8.4 Afwijken van de gebruiksregels
Het college kan een omgevingsvergunning verlenen voor het afwijken van het bepaalde in artikel 8.3 indien strikte toepassing daarvan zou leiden tot een beperking van het meest doelmatige gebruik, welke beperking niet door dringende redenen wordt gerechtvaardigd.
Hoofdstuk 3 Algemene Regels
Artikel 9 Anti-dubbeltelregel
Grond die eenmaal in aanmerking is genomen bij het toestaan van een bouwplan waaraan uitvoering is gegeven of alsnog kan worden gegeven, blijft bij de beoordeling van latere bouwplannen buiten beschouwing.
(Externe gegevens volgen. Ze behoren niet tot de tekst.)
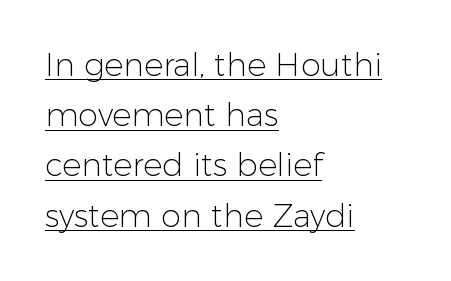
It's the straight-up-and-down kind of type. No extra tracking has been applied to these lines. The face used here is a sans, in the tradition of grotesques and geometrics. Caption: face not bold, strokes unweighted.
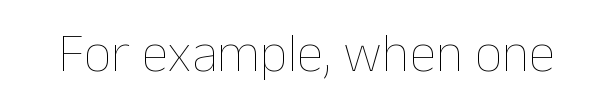
{"italic": "no", "bold": "no", "weight": "thin", "width": "normal", "stroke_contrast": "low", "x_height": "medium", "monospaced": "no", "underline": "no", "letter_spacing": "normal", "letter_spacing_em": 0.0, "glyph_px": 54}
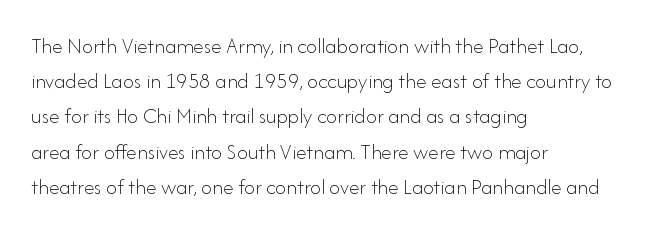
Q: Is the text bold? A: No.
Q: Is the text italic (slanted)? A: No, it is upright.
Q: Is the text underlined? A: No.
Q: How is the paragraph aligned? A: Left-aligned.
Q: Is the spacing between letters normal or unusually wide? A: Normal.
Q: Is the spacing between lines tight, normal or loose? A: Normal.
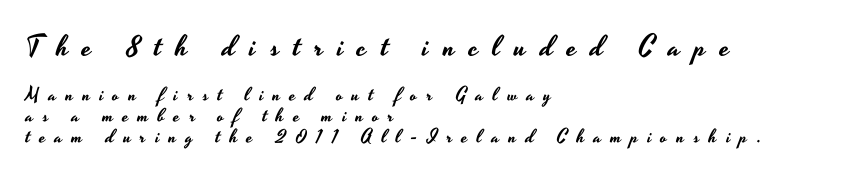
The image shows 29 px wide sans-serif type; set left-aligned, tight line spacing (1.1x), unusually wide letter spacing (+0.49 em), not underlined; the first (top) block is 1.53x larger; low stroke contrast and a small x-height.
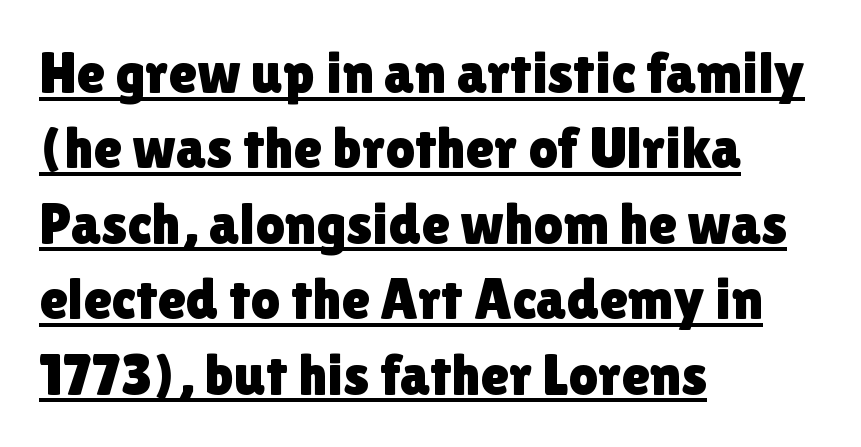
{"serif": "no", "italic": "no", "width": "normal", "stroke_contrast": "low", "x_height": "medium", "monospaced": "no", "underline": "yes", "align": "left", "line_spacing": "normal", "line_spacing_ratio": 1.3, "letter_spacing": "normal", "letter_spacing_em": 0.0, "glyph_px": 58}
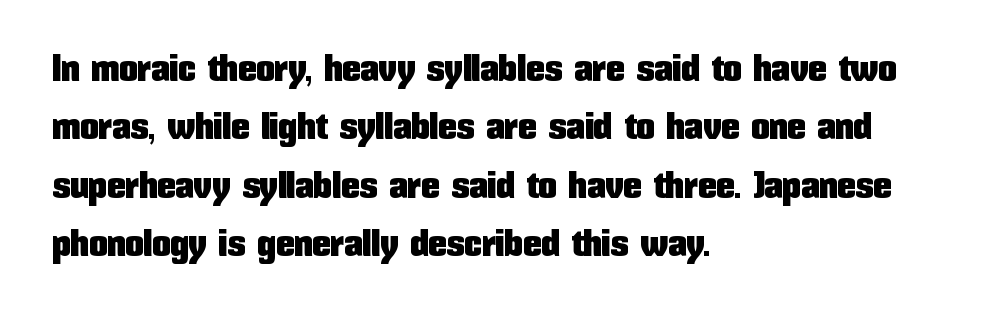
{"serif": "no", "italic": "no", "width": "condensed", "stroke_contrast": "low", "x_height": "medium", "monospaced": "no", "underline": "no", "align": "left", "line_spacing": "normal", "line_spacing_ratio": 1.58, "letter_spacing": "normal", "letter_spacing_em": 0.0, "glyph_px": 37}
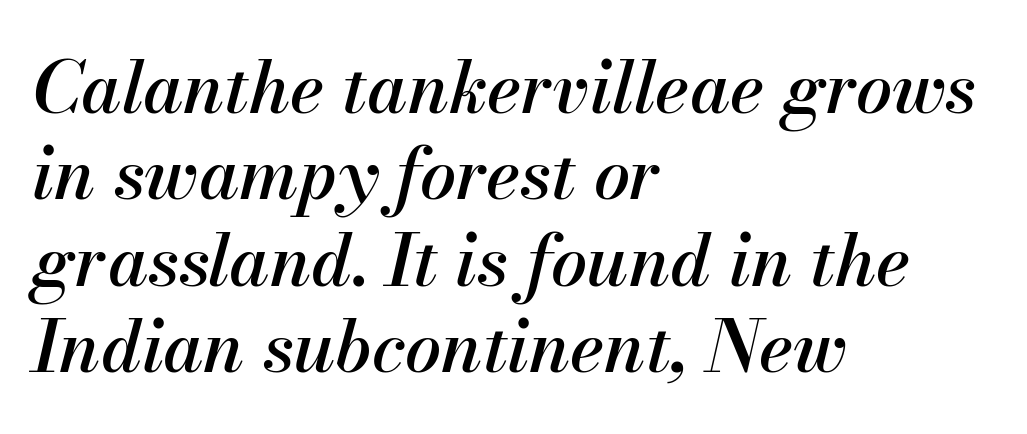
The image shows 72 px text type, italic (leaning right); set left-aligned, line spacing 1.2x, normal letter spacing, not underlined; medium stroke contrast and a small x-height.

Artikel 10 Algemene Gebruiksregels
10.1 Waterberging
Alvorens de gronden in gebruik genomen worden voor de doeleinden als bedoeld in artikel 4.1, 5.1, 6.1, 7.1 en 8.1 dient voldaan te worden aan de volgende voorwaarden:
- a. er is aantoonbaar gemaakt dat de toename van de afvoer van afstromend regenwater gecompenseerd wordt conform de eisen en voorwaarden van het waterschap en van de gemeente en voorzien is van een waterberging met voldoende capaciteit;
- b. de compensatie dient tenminste naar evenredigheid van de realisatie van verhardingen gerealiseerd te worden;
- c. de compensatie bedraagt tenminste 60 mm per m2 verharding conform de Leidraad Inrichten en Ontwerpen Openbare Ruimte 2023;
- d. indien gedurende de planperiode een nieuwe versie van de onder c. bedoelde Leidraad Inrichten en Ontwerpen Openbare Ruimte wordt vastgesteld, wordt deze nieuwe versie in acht genomen.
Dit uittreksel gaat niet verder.